Eligible business owners must meet the following requirements:
- One year in business
- $100,000 in annual revenue
- 600 personal credit score
When to apply for holiday financing
Business owners should secure seasonal financing before the holidays arrive — Rush even suggested as early as June, in some cases. But you could also apply for funding in the fall months to ensure you have money to spend ahead of the holidays.
You may want to consider the speed at which you could receive financing as well, he said. For instance, if you notice a certain item is selling quickly, you might need fast funding to buy additional inventory to avoid running out.
The lender and type of financing you choose would affect the time to funding. An online alternative business lender could provide lines of credit and short-term loans more quickly than a traditional bank. An online lender could also approve your application for financing in a few hours, rather than a few weeks.
Merchant cash advances from online lenders or financing companies are among the fastest financing options for business owners. Eligibility requirements are typically lenient, and the underwriting process to review applications is less involved than it would be for a standard business loan. However, fast time to funding comes at a cost — merchant cash advances are often expensive and risky because of the quick repayment schedule.
The application process for accounts receivable financing is also quick. A financing or factoring company would usually require you to fill out an online application, and you could receive an offer in a few days. However, again, you could face somewhat high fees.
Is seasonal financing right for your business?

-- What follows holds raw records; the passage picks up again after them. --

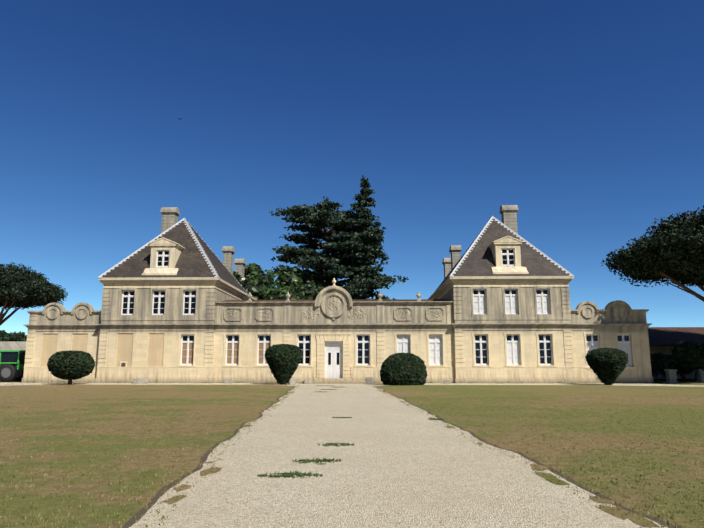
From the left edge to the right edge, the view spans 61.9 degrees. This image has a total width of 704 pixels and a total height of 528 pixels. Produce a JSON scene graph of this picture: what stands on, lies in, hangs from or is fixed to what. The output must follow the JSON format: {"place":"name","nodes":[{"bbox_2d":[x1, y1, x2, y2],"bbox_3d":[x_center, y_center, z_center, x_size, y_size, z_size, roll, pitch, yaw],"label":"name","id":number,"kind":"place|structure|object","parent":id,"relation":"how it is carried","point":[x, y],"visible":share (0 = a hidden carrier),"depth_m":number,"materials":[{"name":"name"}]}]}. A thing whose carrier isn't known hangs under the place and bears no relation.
{"place":"outdoors","nodes":[
{"label":"outdoors","id":0,"kind":"place"},
{"bbox_2d":[25,283,649,377],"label":"chateau walls","id":1,"kind":"structure","parent":0,"point":[146,348],"depth_m":47.96,"materials":[{"name":"beige stone"}]},
{"bbox_2d":[98,216,573,301],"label":"chateau roofs","id":2,"kind":"structure","parent":1,"relation":"on","point":[198,257],"depth_m":50.33,"materials":[{"name":"grey tile"}]},
{"bbox_2d":[160,205,518,282],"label":"chimneys","id":3,"kind":"object","parent":2,"relation":"on","point":[508,213],"visible":0.58,"depth_m":57.62,"materials":[{"name":"beige stone"}]},
{"bbox_2d":[121,248,631,377],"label":"windows","id":4,"kind":"structure","parent":1,"relation":"in","point":[333,359],"depth_m":47.96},
{"bbox_2d":[0,380,703,527],"bbox_3d":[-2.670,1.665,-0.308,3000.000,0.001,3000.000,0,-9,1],"label":"lawn","id":5,"kind":"structure","parent":0,"point":[567,395],"depth_m":14.05,"materials":[{"name":"green plant"}]},
{"bbox_2d":[0,350,25,381],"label":"tractor","id":6,"kind":"object","parent":5,"relation":"on","point":[12,362],"visible":0.88,"depth_m":50.30,"materials":[{"name":"green metal"}]},
{"bbox_2d":[0,341,26,349],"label":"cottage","id":7,"kind":"structure","parent":5,"relation":"on","point":[12,345],"depth_m":94.86,"materials":[{"name":"grey stone"}]},
{"bbox_2d":[0,330,27,340],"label":"tree","id":8,"kind":"object","parent":5,"relation":"on","point":[13,336],"visible":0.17,"depth_m":120.55,"materials":[{"name":"green plant"}]},
{"bbox_2d":[0,262,67,325],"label":"stone pine tree","id":9,"kind":"object","parent":5,"relation":"on","point":[21,287],"visible":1,"depth_m":71.77,"materials":[{"name":"green plant"}]},
{"bbox_2d":[233,263,323,299],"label":"magnolia tree","id":10,"kind":"object","parent":5,"relation":"on","point":[257,283],"visible":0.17,"depth_m":69.17,"materials":[{"name":"green plant"}]},
{"bbox_2d":[22,236,653,383],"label":"stone trim","id":11,"kind":"structure","parent":5,"relation":"on","point":[333,300],"depth_m":47.79,"materials":[{"name":"beige stone"}]},
{"bbox_2d":[269,196,408,299],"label":"cedar tree","id":12,"kind":"object","parent":5,"relation":"on","point":[324,266],"visible":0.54,"depth_m":87.43,"materials":[{"name":"green plant"}]},
{"bbox_2d":[344,174,389,299],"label":"conifer tree","id":13,"kind":"object","parent":5,"relation":"on","point":[365,232],"visible":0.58,"depth_m":88.59,"materials":[{"name":"green plant"}]},
{"bbox_2d":[380,353,427,385],"bbox_3d":[3.882,7.919,44.082,3.628,2.578,3.280,0,-9,1],"label":"topiary yew","id":14,"kind":"object","parent":5,"relation":"on","point":[405,369],"visible":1,"depth_m":43.01,"materials":[{"name":"green plant"}]},
{"bbox_2d":[601,205,703,301],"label":"stone pine tree","id":15,"kind":"object","parent":5,"relation":"on","point":[671,250],"visible":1,"depth_m":46.41,"materials":[{"name":"green plant"}]},
{"bbox_2d":[650,352,674,381],"bbox_3d":[25.933,8.878,50.399,3.543,2.693,3.288,0,-9,1],"label":"shrub","id":16,"kind":"object","parent":5,"relation":"on","point":[659,362],"visible":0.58,"depth_m":49.46,"materials":[{"name":"green plant"}]},
{"bbox_2d":[664,369,678,382],"bbox_3d":[25.711,9.074,47.243,0.760,1.130,0.760,0,-9,1],"label":"stone pedestal","id":17,"kind":"object","parent":5,"relation":"on","point":[671,376],"visible":0.88,"depth_m":46.99,"materials":[{"name":"grey stone"}]},
{"bbox_2d":[647,327,703,380],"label":"outbuilding","id":18,"kind":"structure","parent":5,"relation":"on","point":[664,340],"depth_m":56.90,"materials":[{"name":"brown stone"}]},
{"bbox_2d":[667,341,703,381],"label":"tree","id":19,"kind":"object","parent":5,"relation":"on","point":[688,356],"visible":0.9,"depth_m":49.15,"materials":[{"name":"green plant"}]},
{"bbox_2d":[695,369,703,382],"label":"stone pedestal","id":20,"kind":"object","parent":5,"relation":"on","point":[700,375],"visible":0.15,"depth_m":48.61,"materials":[{"name":"grey stone"}]},
{"bbox_2d":[0,382,703,527],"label":"gravel path","id":21,"kind":"structure","parent":0,"point":[401,464],"depth_m":8.61,"materials":[{"name":"beige gravel"}]},
{"bbox_2d":[47,350,94,383],"bbox_3d":[-21.416,7.886,44.654,3.480,2.622,3.045,0,-9,1],"label":"topiary yew","id":22,"kind":"object","parent":21,"relation":"on","point":[69,366],"visible":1,"depth_m":43.72,"materials":[{"name":"green plant"}]},
{"bbox_2d":[132,379,147,383],"bbox_3d":[-16.727,9.270,46.340,1.257,0.426,0.540,2,-10,-10],"label":"stone block","id":23,"kind":"object","parent":21,"relation":"on","point":[139,381],"depth_m":46.10,"materials":[{"name":"grey stone"}]},
{"bbox_2d":[224,379,231,383],"bbox_3d":[-9.811,9.293,46.468,0.645,0.397,0.450,0,-9,1],"label":"stone block","id":24,"kind":"object","parent":21,"relation":"on","point":[227,381],"depth_m":46.27,"materials":[{"name":"grey stone"}]},
{"bbox_2d":[265,344,302,384],"bbox_3d":[-5.178,7.610,44.277,2.852,3.173,2.903,0,-9,1],"label":"topiary yew","id":25,"kind":"object","parent":21,"relation":"on","point":[283,361],"visible":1,"depth_m":43.54,"materials":[{"name":"green plant"}]},
{"bbox_2d":[287,377,295,384],"bbox_3d":[-4.558,8.828,44.375,0.633,0.640,0.552,6,-11,-32],"label":"stone block","id":26,"kind":"object","parent":21,"relation":"on","point":[292,380],"depth_m":44.16,"materials":[{"name":"grey stone"}]},
{"bbox_2d":[303,380,312,383],"bbox_3d":[-3.432,9.222,45.714,0.779,0.306,0.506,4,-10,-25],"label":"stone block","id":27,"kind":"object","parent":21,"relation":"on","point":[308,382],"depth_m":45.53,"materials":[{"name":"grey stone"}]},
{"bbox_2d":[365,377,373,384],"bbox_3d":[1.338,8.835,44.333,0.606,0.597,0.598,-4,-10,22],"label":"stone block","id":28,"kind":"object","parent":21,"relation":"on","point":[369,380],"depth_m":44.10,"materials":[{"name":"grey stone"}]},
{"bbox_2d":[162,386,659,526],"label":"grass patches","id":29,"kind":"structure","parent":21,"relation":"on","point":[606,509],"depth_m":8.04,"materials":[{"name":"green plant"}]},
{"bbox_2d":[443,379,450,383],"bbox_3d":[7.481,9.266,46.146,0.597,0.370,0.440,-2,-10,14],"label":"stone block","id":30,"kind":"object","parent":21,"relation":"on","point":[446,381],"depth_m":45.96,"materials":[{"name":"grey stone"}]},
{"bbox_2d":[586,347,628,384],"bbox_3d":[18.930,7.610,43.456,3.082,2.864,2.999,0,-9,1],"label":"topiary yew","id":31,"kind":"object","parent":21,"relation":"on","point":[607,366],"visible":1,"depth_m":42.70,"materials":[{"name":"green plant"}]},
{"bbox_2d":[0,0,703,334],"label":"sky","id":32,"kind":"structure","parent":0,"point":[586,117],"materials":[{"name":"blue"}]}
]}

The winter months could deter customers from some seasonal small businesses. Others may see a boost from holiday shoppers. If you know you’ll see a seasonal shift, effective budgeting throughout the year could help you get through the holidays without financing. But if you unexpectedly anticipate struggling to keep up with demand or paying bills despite a dip in customers, seasonal business loans could provide reprieve.
Depending on your business needs, you could secure a business line of credit, inventory financing or accounts receivable financing from a lender or financing company. A line of credit would let you access funds as you need money, while accounts receivable financing would allow you to leverage your unpaid invoice for funding. Inventory financing could provide a lump sum of capital to purchase products.
Be sure not to buy more inventory than you can sell before the end of the year, though. Otherwise, you could end up owing taxes on any unsold inventory that you carry into the new year.
Additionally, when applying for financing, take note of the expected time to funding. Be sure to give yourself plenty of time to secure the right financing for your business before the holiday season begins.